Foto: Mário Agra/ Câmara dos Deputaodos

O deputado federal Abilio Brunini (PL), durante seu último discurso na Câmara dos Deputados, na última terça-feira (17), afirmou acreditar que a direita terá protagonismo nas eleições de 2026, garantindo a conquista da Presidência. Ele aproveitou para criticar fortemente os partidos de esquerda que apoiam a base política do presidente Luiz Inácio Lula da Silva (PT).

“Durante esses dois anos que passei por aqui, pude perceber que nós vamos voltar. E nós vamos voltar para representar o povo contra todo esse desmando, essas ações, esses risos que vocês fazem diante da desgraça do povo. O dólar está a R$ 6,15. Vocês estão loteando a Amazônia aos chineses. Vocês estão vendendo o Brasil e o futuro do povo brasileiro. Vocês da esquerda e do governo sorriem quando um inocente é preso condenado há 16,17 anos e comemoram a soltura de corruptos e a anulação de processos do mensalão e outros casos de corrupção. Vocês riem do povo brasileiro porque acreditam que a corrupção está de volta e o tempo do reinado está de volta. O presente pertence a vocês, mas, o futuro pertence a nós”, disse.

O deputado também apontou que lideranças de direita, como o ex-juiz federal Sérgio Moro e o ex-ministro da Defesa, general Walter Braga Netto, são alvos de perseguições políticas, especialmente por parte do PT e seus aliados. Ele afirmou que as táticas de perseguição adotadas pela esquerda são semelhantes às utilizadas por regimes ditatoriais que dizem combater. Além disso, Abilio criticou a política econômica do PT, destacando o aumento de tributos como uma de suas principais medidas.

“A mesma ditadura que vocês acusam, hojê vocês fazem novamente usando outros poderes. Perseguem opositores, destróem a imagem de pessoas de bem, e tentam ainda defender e promover corruptos confessos, libertando e dando poder para conduzir empresas do nosso país. Vocês riem do povo, mas, esquecem que o tempo está ao nosso favor. Quanto mais perseguirem mais forte ficará a população brasileira em retomar a recuperação do país. Estão impondo o maior imposto do mundo.Esse será o início da derrota”.

Abilio também expressou acreditar em uma renovação no Senado a partir das eleições de 2026, com várias lideranças atuais da Câmara dos Deputados ganhando destaque na disputa majoritária em seus Estados e com chances reais de vitória.

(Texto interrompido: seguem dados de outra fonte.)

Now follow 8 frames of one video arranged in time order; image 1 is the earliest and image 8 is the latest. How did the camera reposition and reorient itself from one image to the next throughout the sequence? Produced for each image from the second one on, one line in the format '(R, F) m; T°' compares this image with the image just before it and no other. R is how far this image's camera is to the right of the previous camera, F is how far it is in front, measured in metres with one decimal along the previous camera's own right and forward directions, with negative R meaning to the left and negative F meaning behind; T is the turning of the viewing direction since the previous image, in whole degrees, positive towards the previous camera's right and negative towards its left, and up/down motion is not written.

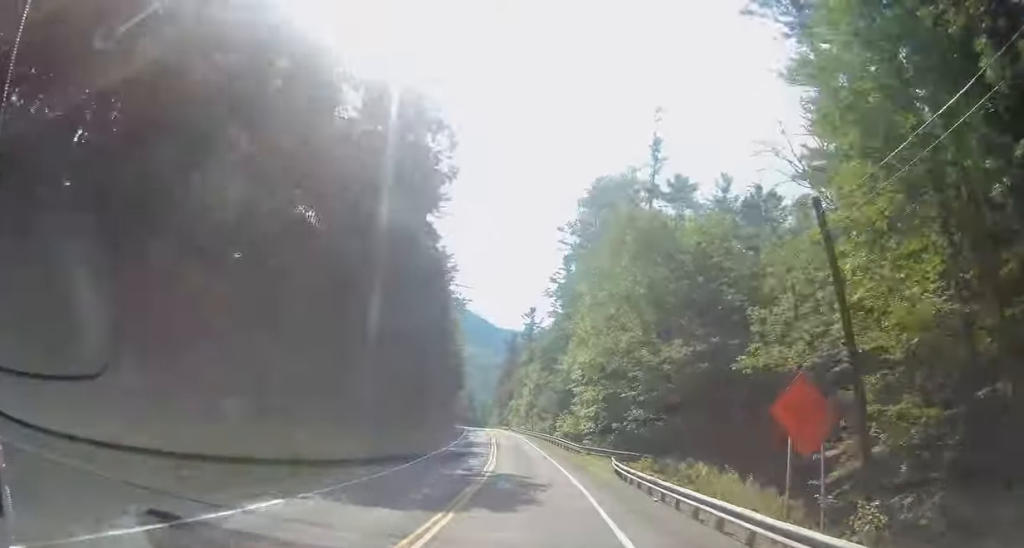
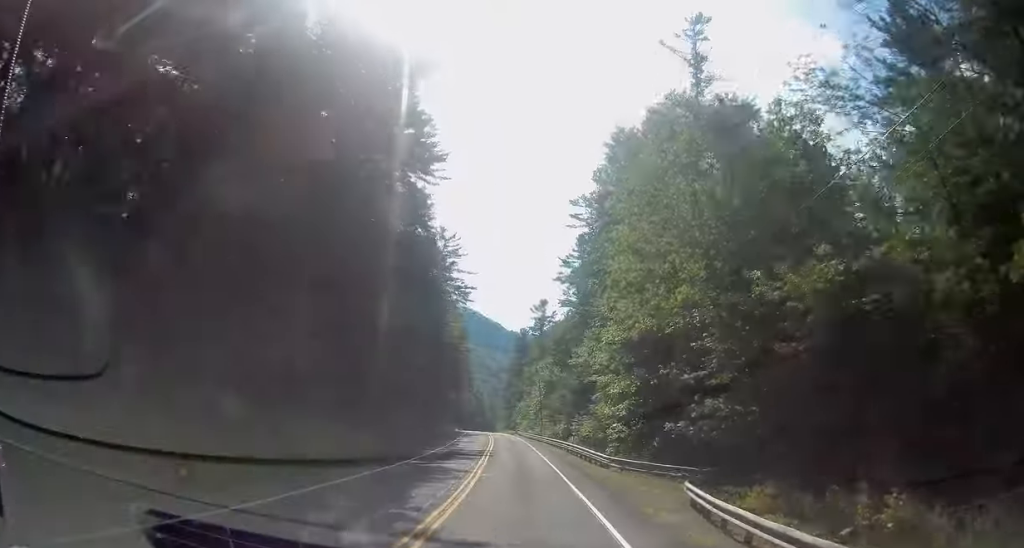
(-0.2, +13.9) m; -1°
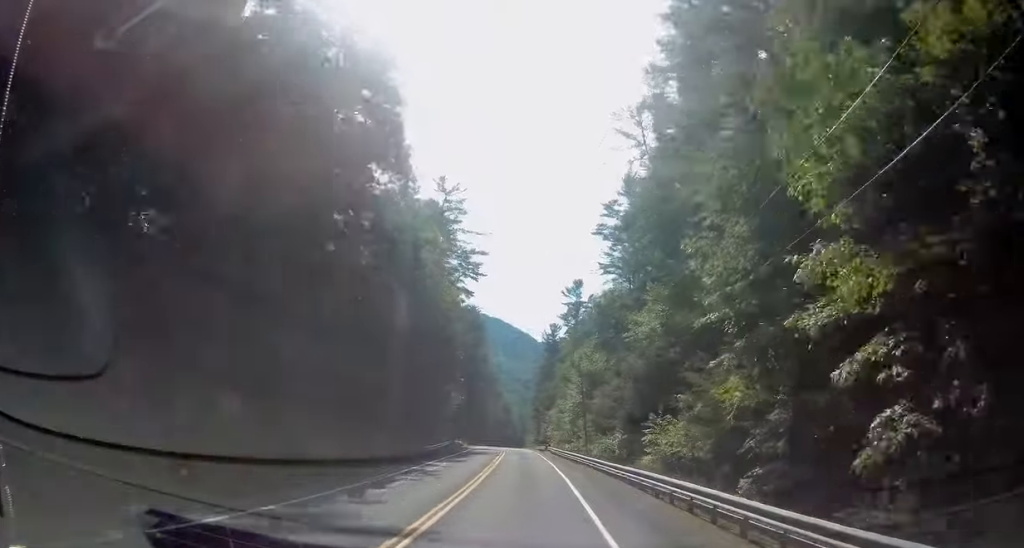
(-0.3, +29.6) m; -2°
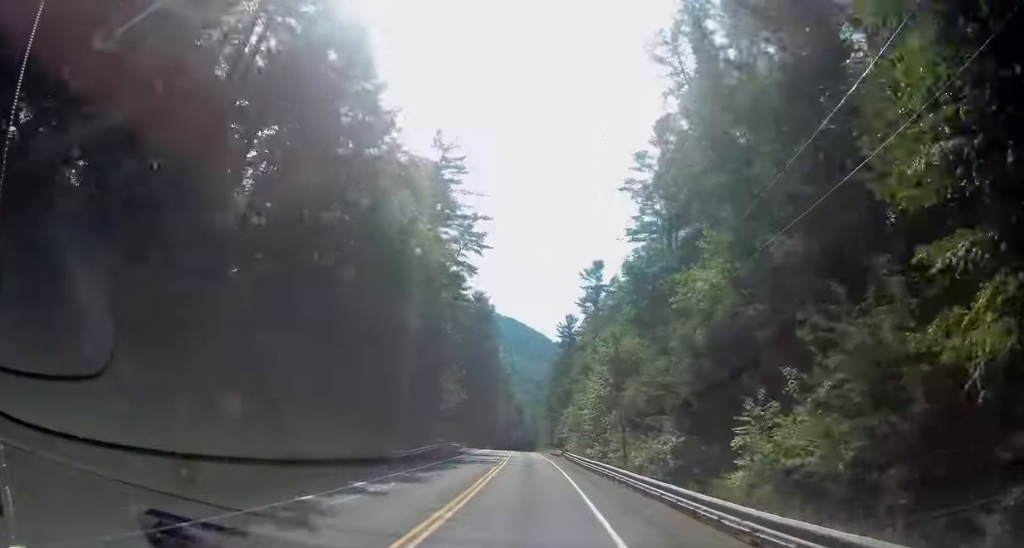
(-0.3, +14.8) m; -1°
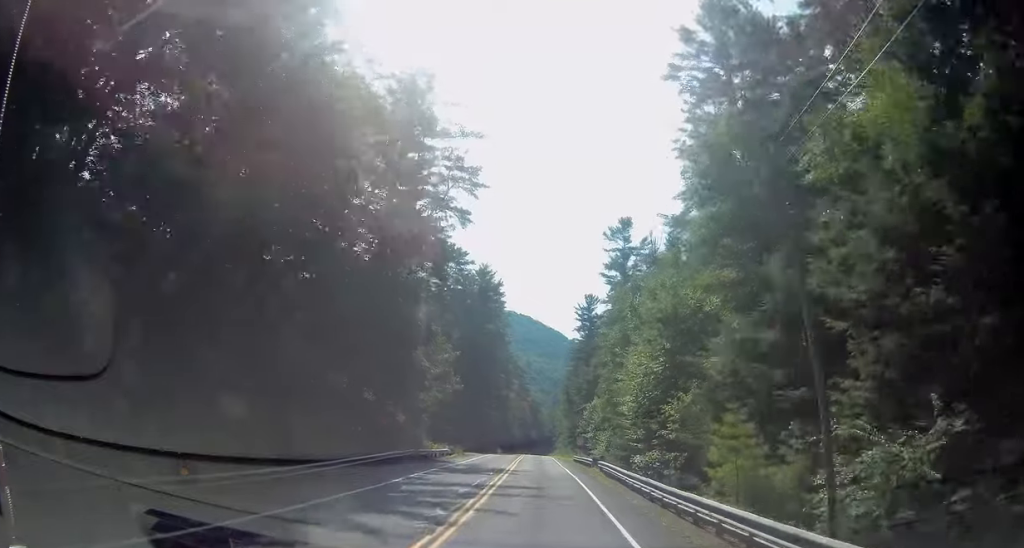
(+0.1, +21.3) m; 0°
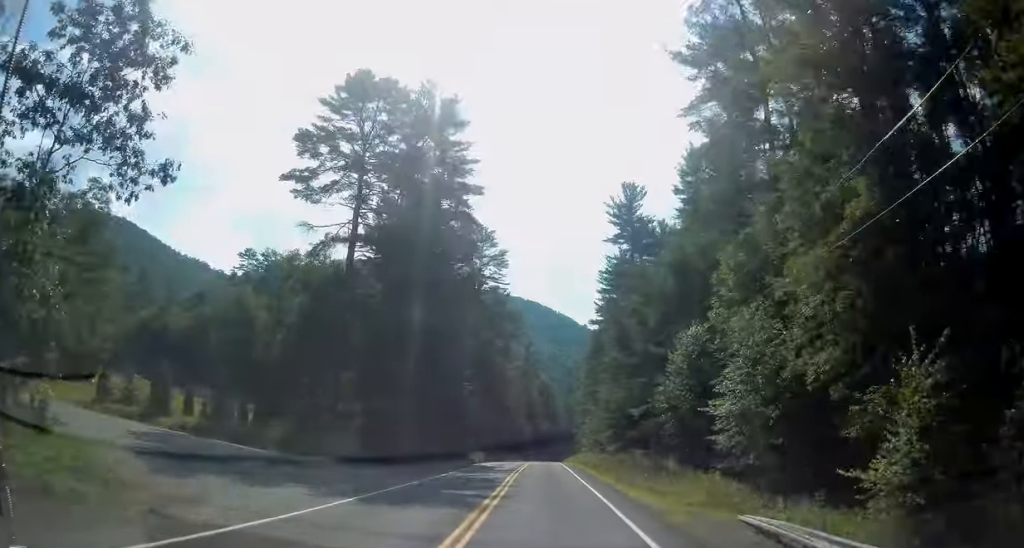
(-1.3, +57.2) m; -2°
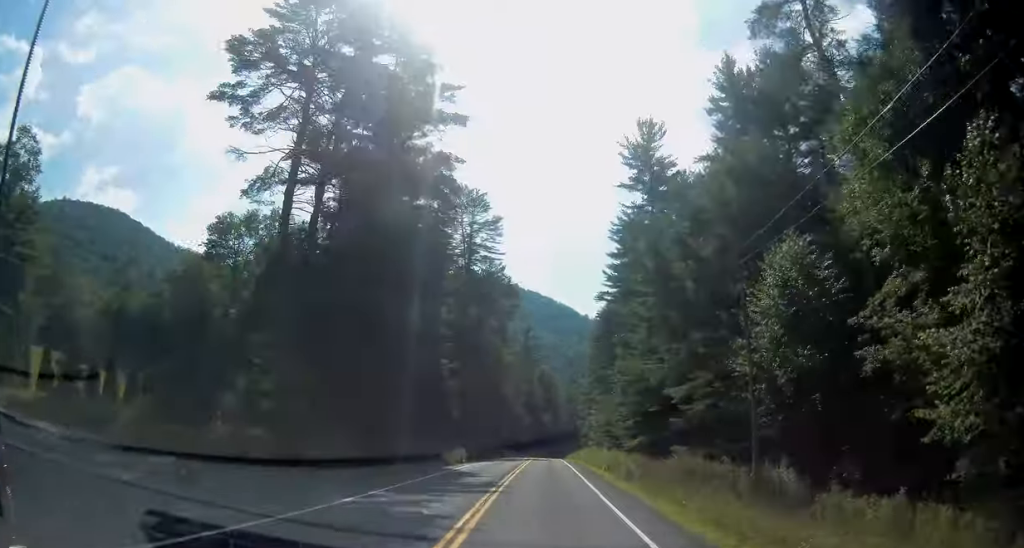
(0.0, +15.9) m; 0°
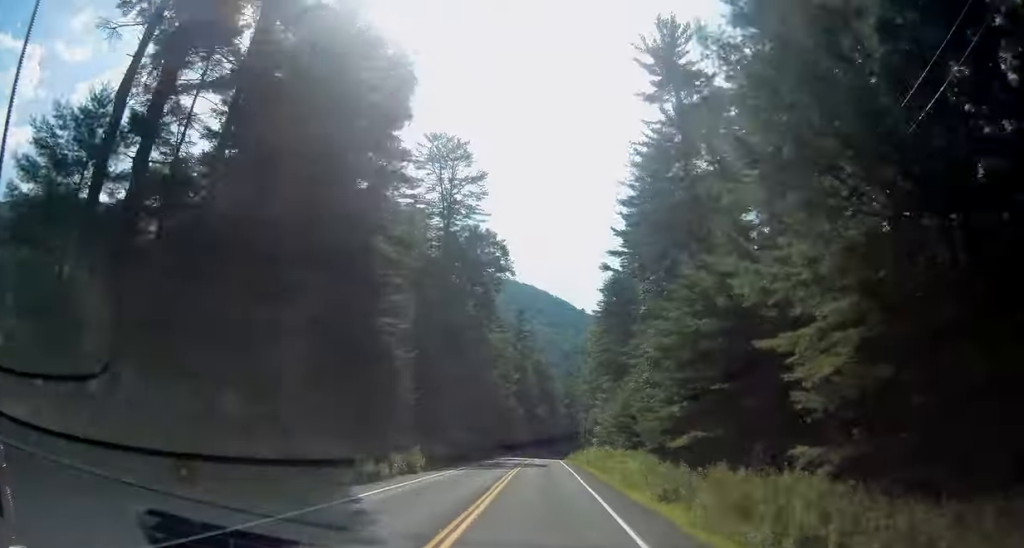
(0.0, +18.3) m; 0°

“Não adianta perseguir, aumentar imposto, distribuir ministérios para se manter no poder. Após o Lula, não haverá outra liderança de esquerda. Em 2026, sairão líderes desta Casa, deputados que serão senadores. O Senado será modificado em 2026. Vocês podem se preparar, nós vamos recuperar o nosso Brasil. A população brasileira não deve ficar triste ou chorar, a cada lídee perseguido sorria, se alegre, é uma nova liderança da direita que vai surgir”, concluiu.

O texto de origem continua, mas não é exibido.